10 thoughts on “What Kind Of Wick Should I Use In My Vintage Petrol Lighter?”

  1. Your videos are very informative…I just started collecting lucite table lighters and gifting my girlfriend with them. The lighter assembly on most of them separate from the acrylic…can these be repaired? Do they make a modern day replacement? A video would be great. A company called Astrolite made a bunch of these…

  2. Thank you for your information on a rather obscure topic. I have recently taken up pipe smoking after a 40 years lapse. At the same time I acquired two nimrod lighters with the pipe circle top on a flip top base and while one initially lit first wheel turn it now takes many multiple ties to light. I have replaced flint, new fuel and reversed wick(which seemed intact) without success.
    Any suggestions?
    Richard

    1. Thank you for the question, hopefully I can be some help. I am wondering if this occurs after fueling the lighter as it sounds like it may be suffering from vapor lock caused by the ignition area having too much fuel and not enough oxygen. Have you tried to let the vapors disperse and then try ignition? It is also possible the wick has become contaminated with something that is not conducive to producing a usable flame and may need to be replaced.

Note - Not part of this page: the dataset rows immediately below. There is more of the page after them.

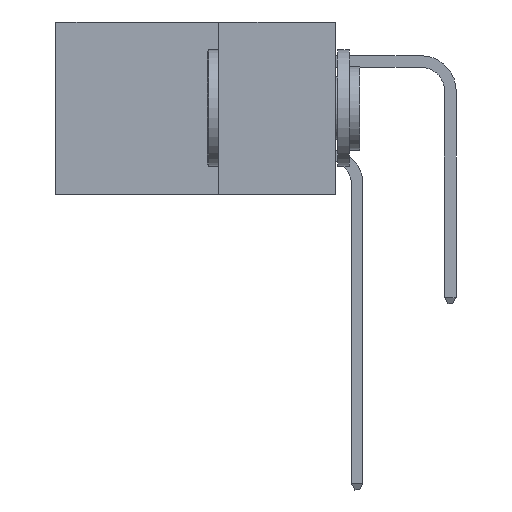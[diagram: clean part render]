
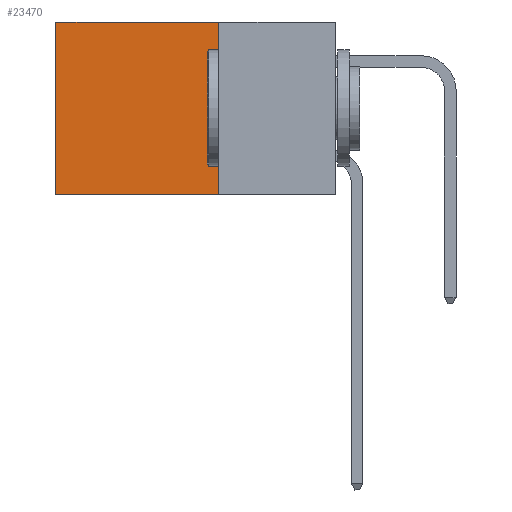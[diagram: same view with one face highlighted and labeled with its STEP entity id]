
A CAD part, left-side view. The second image highlights one B-rep face of the part: STEP entity #23470.
In plain terms, the highlighted planar face has unit normal (-1, 0, 0).
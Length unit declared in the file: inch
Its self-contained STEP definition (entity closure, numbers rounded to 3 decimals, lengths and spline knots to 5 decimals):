
#1151 = VERTEX_POINT ( 'NONE', #13691 ) ;
#3839 = ORIENTED_EDGE ( 'NONE', *, *, #4204, .F. ) ;
#4010 = LINE ( 'NONE', #19438, #6142 ) ;
#4204 = EDGE_CURVE ( 'NONE', #1151, #23853, #16229, .T. ) ;
#4477 = VECTOR ( 'NONE', #5988, 39.37008 ) ;
#5302 = CARTESIAN_POINT ( 'NONE',  ( 0.2875, 0.25, 0. ) ) ;
#5988 = DIRECTION ( 'NONE',  ( 0., 0., -1. ) ) ;
#6142 = VECTOR ( 'NONE', #21223, 39.37008 ) ;
#7130 = CARTESIAN_POINT ( 'NONE',  ( 0.2875, 0.25, -0.37 ) ) ;
#7280 = EDGE_CURVE ( 'NONE', #23853, #9691, #4010, .T. ) ;
#7472 = DIRECTION ( 'NONE',  ( 1., 0., 0. ) ) ;
#8703 = ORIENTED_EDGE ( 'NONE', *, *, #7280, .F. ) ;
#8759 = FACE_OUTER_BOUND ( 'NONE', #18393, .T. ) ;
#9691 = VERTEX_POINT ( 'NONE', #23008 ) ;
#10342 = ORIENTED_EDGE ( 'NONE', *, *, #10669, .T. ) ;
#10537 = DIRECTION ( 'NONE',  ( 0., 0., -1. ) ) ;
#10669 = EDGE_CURVE ( 'NONE', #16128, #9691, #17976, .T. ) ;
#11346 = CARTESIAN_POINT ( 'NONE',  ( 0.2875, 0.25, 0. ) ) ;
#12315 = LINE ( 'NONE', #5302, #17832 ) ;
#12863 = VECTOR ( 'NONE', #10537, 39.37008 ) ;
#13071 = AXIS2_PLACEMENT_3D ( 'NONE', #11346, #7472, #23214 ) ;
#13691 = CARTESIAN_POINT ( 'NONE',  ( 0.2875, 0.25, 0. ) ) ;
#16128 = VERTEX_POINT ( 'NONE', #19802 ) ;
#16229 = LINE ( 'NONE', #16651, #12863 ) ;
#16651 = CARTESIAN_POINT ( 'NONE',  ( 0.2875, 0.25, 0. ) ) ;
#17832 = VECTOR ( 'NONE', #18988, 39.37008 ) ;
#17976 = LINE ( 'NONE', #21396, #4477 ) ;
#18393 = EDGE_LOOP ( 'NONE', ( #10342, #8703, #3839, #19411 ) ) ;
#18889 = EDGE_CURVE ( 'NONE', #1151, #16128, #12315, .T. ) ;
#18988 = DIRECTION ( 'NONE',  ( 0., 1., 0. ) ) ;
#19411 = ORIENTED_EDGE ( 'NONE', *, *, #18889, .T. ) ;
#19438 = CARTESIAN_POINT ( 'NONE',  ( 0.2875, 0.25, -0.37 ) ) ;
#19607 = PLANE ( 'NONE',  #13071 ) ;
#19802 = CARTESIAN_POINT ( 'NONE',  ( 0.2875, 0.6, 0. ) ) ;
#21223 = DIRECTION ( 'NONE',  ( 0., 1., 0. ) ) ;
#21396 = CARTESIAN_POINT ( 'NONE',  ( 0.2875, 0.6, 0. ) ) ;
#23008 = CARTESIAN_POINT ( 'NONE',  ( 0.2875, 0.6, -0.37 ) ) ;
#23214 = DIRECTION ( 'NONE',  ( 0., 0., -1. ) ) ;
#23470 = ADVANCED_FACE ( 'NONE', ( #8759 ), #19607, .F. ) ;
#23853 = VERTEX_POINT ( 'NONE', #7130 ) ;

  3. I have produce a wick which i consider to be one of the best available.
    Its made to the original Ronson spec in the UK
    100 finest cotton.
    Item 264684179469
    On ebay.
    I also have also made Thorens wicks exactly as the 1910 wick with the blue or red fleck in.
    Item 265059708999
    Please let me know what you think if you try them.
    Keep collecting !!!
    Ps i have also made the ronson petrol filler seals as well.

  4. I have a tiny pistol lighter marked with only made in occupied Japan. The lighter is 2 inches long by 1.5 inches tall. I need a wick for it. What is the diameter of the Imco wired wicks? The wick hole on my lighter is around .080 of an inch. Probably a little smaller. It looks to be about half the diameter of the flint hole. Thanks.

  5. Great article! I have two Rowenta Snip lighters and need a suitable wick for both. But before I must figure out how to loosen the screw that secures it in place. The original manual recommends to use tweezers. I couldn’t find (yet) the best tool for the job though. Any ideas on the best sort of wick for these small lighters from the 1960s? Thanks in advance.

    1. Hey, thank you I really appreciate the question! I don’t have experience with that specific lighter but from the looks of the petrol Snips I saw listed on Ebay it is a similar setup to the Elgin American fuel tank. I made a video for changing the wick in the Elgin American a couple yrs ago that should help. Can your explain what you mean by the “screw that secures it in place”?